Development and applications of a relaxation-inducing cluster expansion theory for treating strong relaxation and differential correlation effects

Abstract

We present in this paper a multi-reference coupled cluster (MRCC) formulation for energy differences which treats orbital relaxation and correlation effects on the same footing, by invoking a novel cluster ansatz of the valence portion of the wave operator Ωv. Unlike in the traditional normal-ordered exponential representation of Ωv, our new relaxation-inducing ansatz, represented symbolically as Er(S), allows contractions between the spectator lines and also certain other special contractions. By an extensive theoretical analysis, taking as an example the case of one-hole model space (the IP problem), we demonstrate that our ansatz incorporates in a manifestly spin-free form the orbital relaxation to all orders.
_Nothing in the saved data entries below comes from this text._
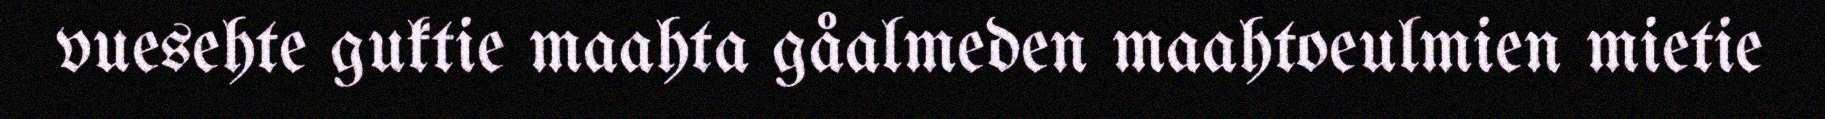
vuesehte guktie maahta gåalmeden maahtoeulmien mietie
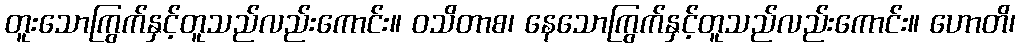
တူးသောကြွက်နှင့်တူသည်လည်းကောင်း။ ဝသိတာစ၊ နေသောကြွက်နှင့်တူသည်လည်းကောင်း။ ဟောတိ၊
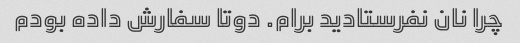
چرا نان نفرستادید برام. دوتا سفارش داده بودم
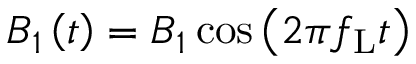
\boldsymbol { B } _ { 1 } \left( t \right) = B _ { 1 } \cos \left( 2 \pi f _ { \mathrm { L } } t \right)
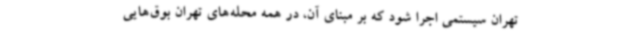
تهران سیستمی اجرا شود که بر مبنای آن، در همه محله‌های تهران بوق‌هایی
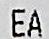
EA
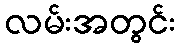
လမ်းအတွင်း
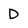
Character: d
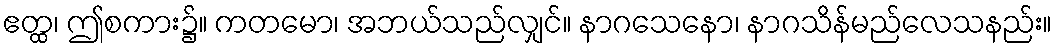
ဧတ္ထ၊ ဤစကား၌။ ကတမော၊ အဘယ်သည်လျှင်။ နာဂသေနော၊ နာဂသိန်မည်လေသနည်း။
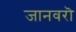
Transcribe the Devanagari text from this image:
जानवरॊ
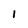
Character: 1
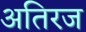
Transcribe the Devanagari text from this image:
अतिरज
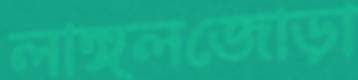
লাঙ্গলজোড়া
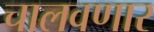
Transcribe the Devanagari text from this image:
चालवणार
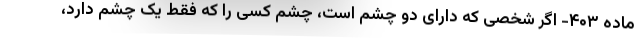
ماده ۴۰۳- اگر شخصی که دارای دو چشم است، چشم کسی را که فقط یک چشم دارد،
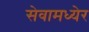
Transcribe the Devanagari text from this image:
सेवामध्येर
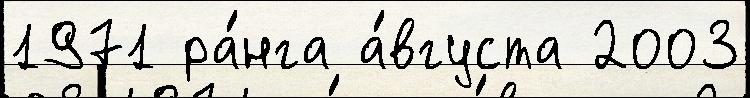
1971 ра́нга а́вгуста 2003
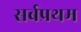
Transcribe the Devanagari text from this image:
सर्बप्रथम
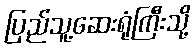
ပြည်သူ့ဆေးရုံကြီးသို့
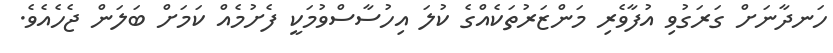
ހަނދާނަށް ގަރަގުވި އުފާވެރި މަންޒަރުތަކެއްގެ ކުލަ އިހުސާސްވުމަކީ ފެށުމެއް ކަމަށް ބަލަން ޖެހެއެވެ.
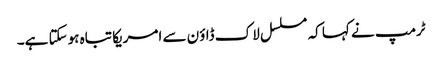
ٹرمپ نے کہا کہ مسلسل لاک ڈاؤن سے امریکا تباہ ہوسکتا ہے۔
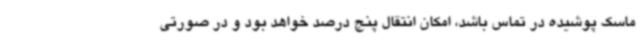
ماسک پوشیده در تماس باشد، امکان انتقال پنج درصد خواهد بود و در صورتی
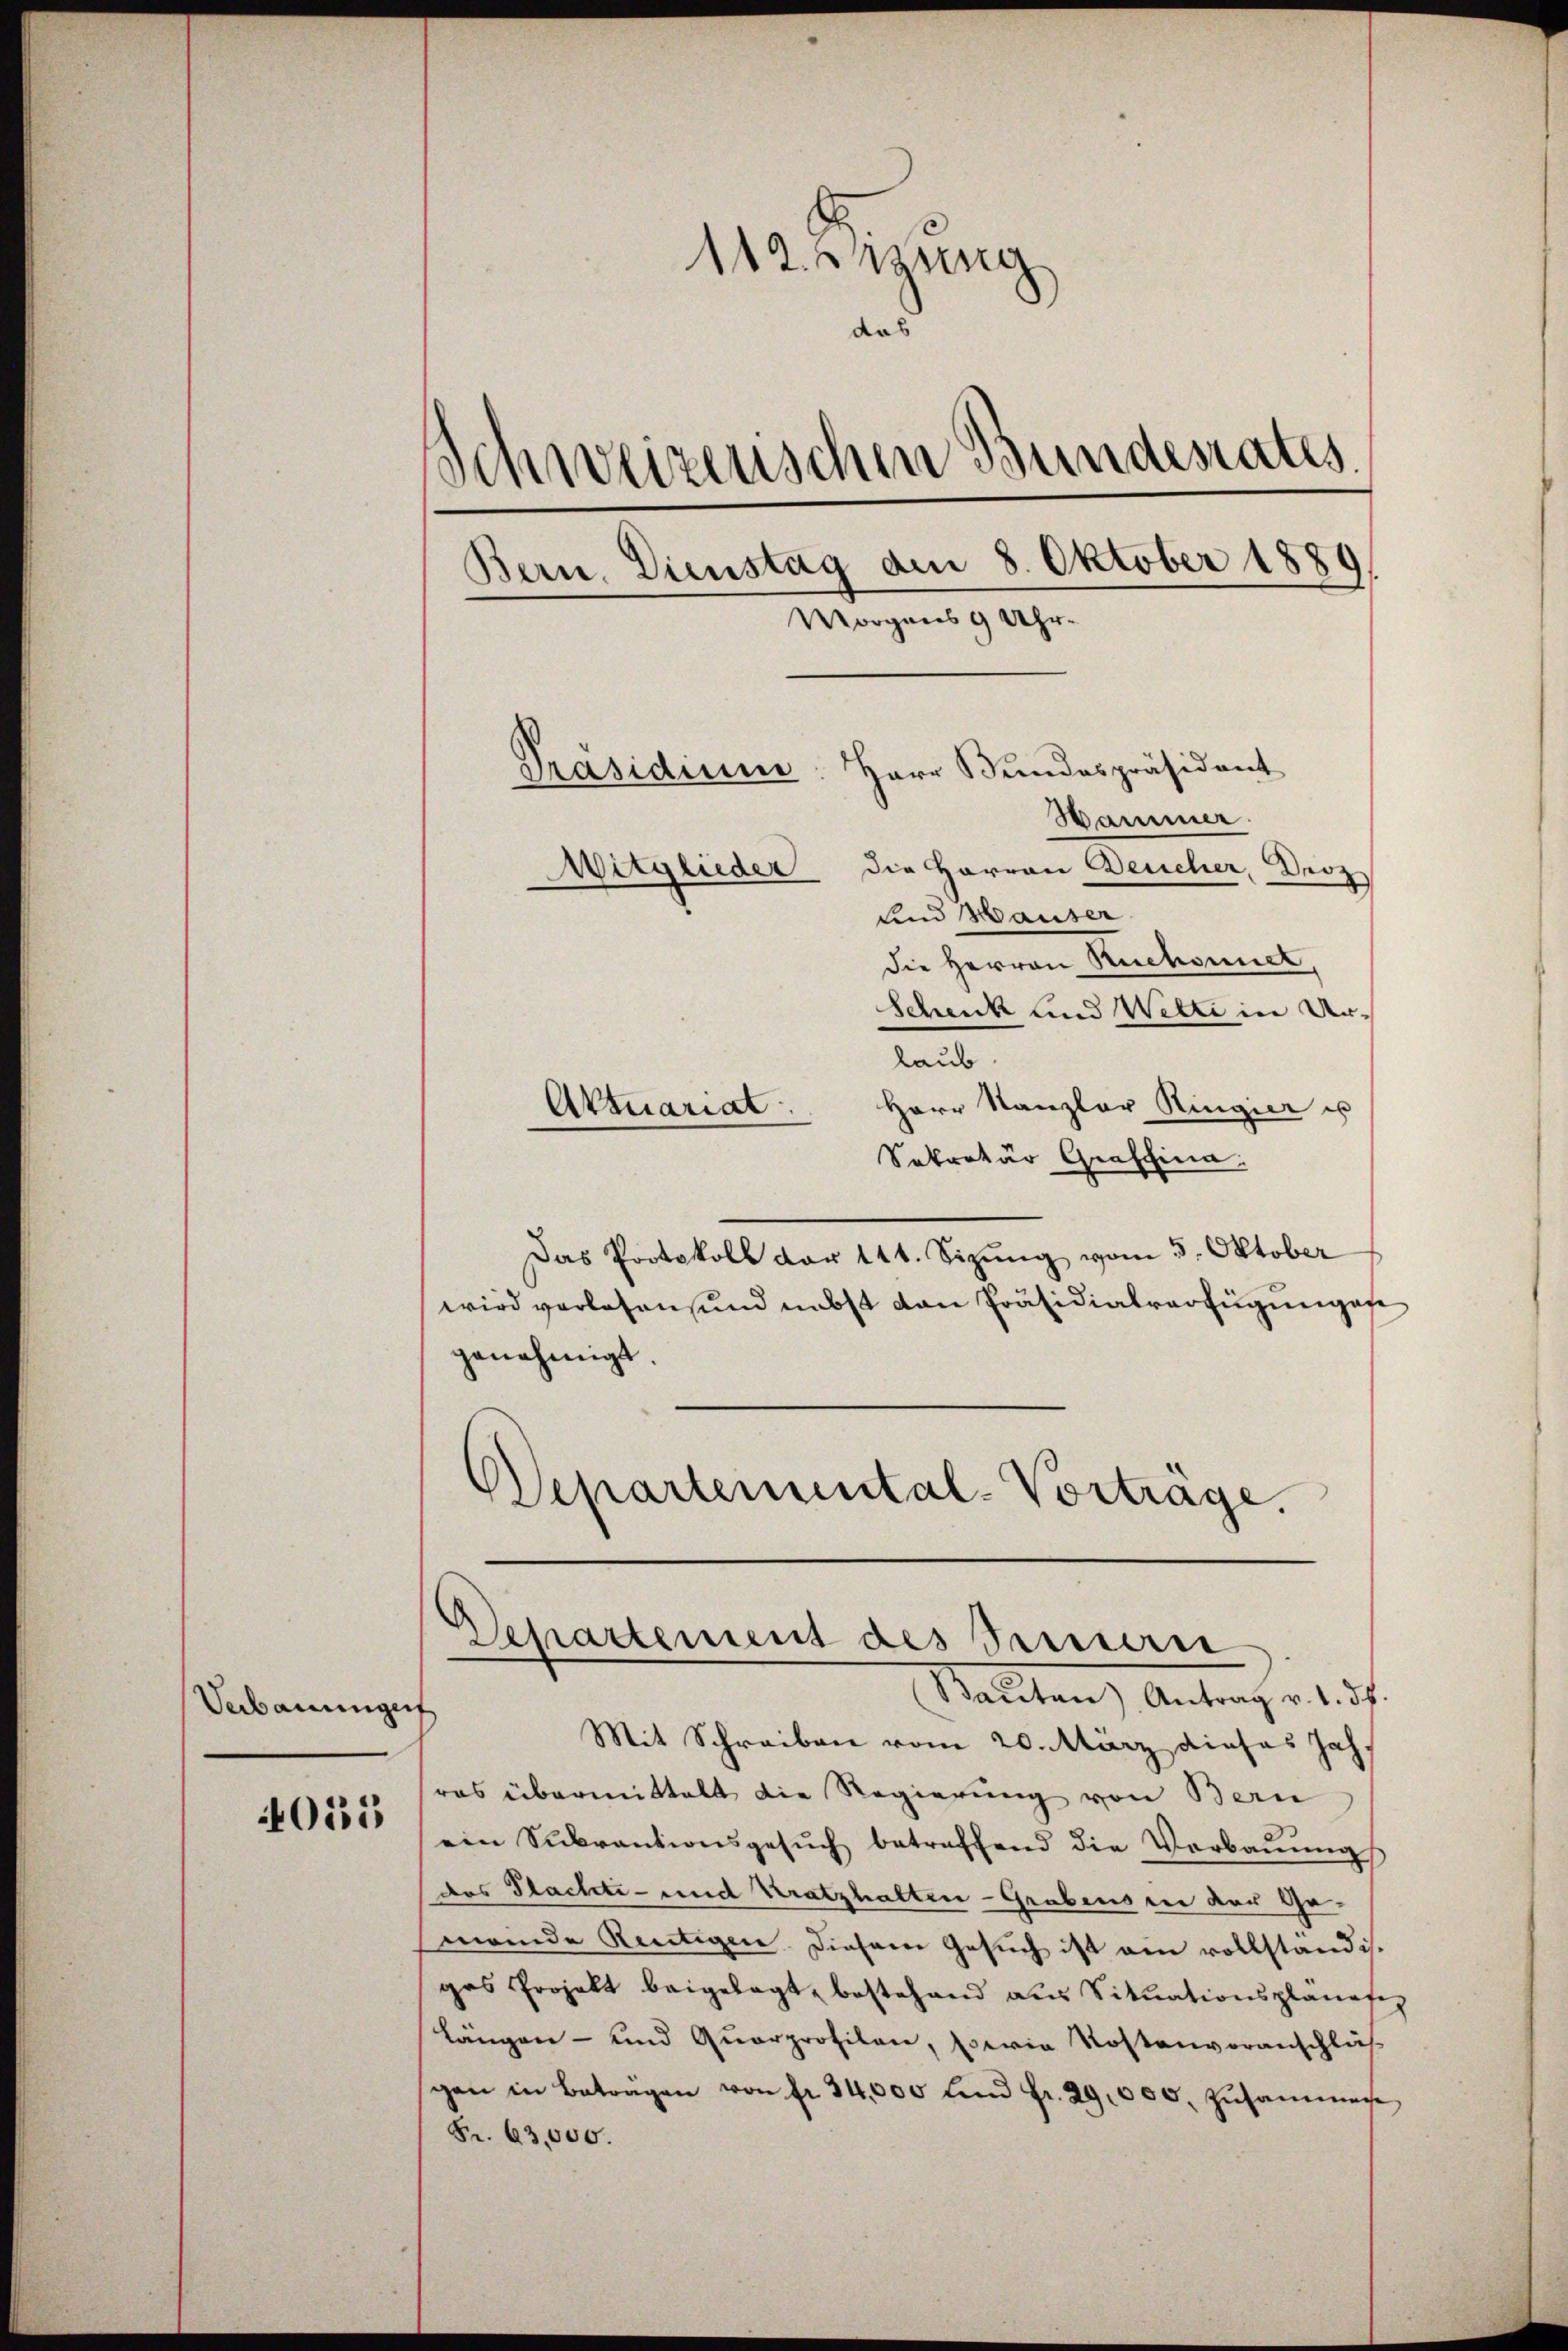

The traditional Thouless-type of exponential transformation via one-body excitations can induce the same effect, as is done in the valence-specific or the quasi-valence-specific MRCC formalisms, but they have to be done in the spin-orbital basis – making the spin adaptation of the problem a complicated exercise. In contrast, we use a spin-free representation of the cluster operators right from start, but expand the rank of the cluster operators by involving spectator orbitals to distinguish the various spin possibilities. The combinatorial factors entering the contracted power series in Er(S) are chosen in such a way that they correspond to what we would have obtained if we had used a Thouless-like transformation to induce the orbital relaxation. Our working equations generally have only finite powers of the cluster operators S, resulting in a very compact formulation of the relaxation problem. Pilot numerical applications for the IP computations of HF and H2O in the core, the inner valence and the outer valence regions show very good performance of the method vis-a-vis those obtained using the traditional normal ordered ansatz for Ωv. The improvement in the core IP value is particularly impressive, although even for the valence regions there is an overall improvement of the IP values.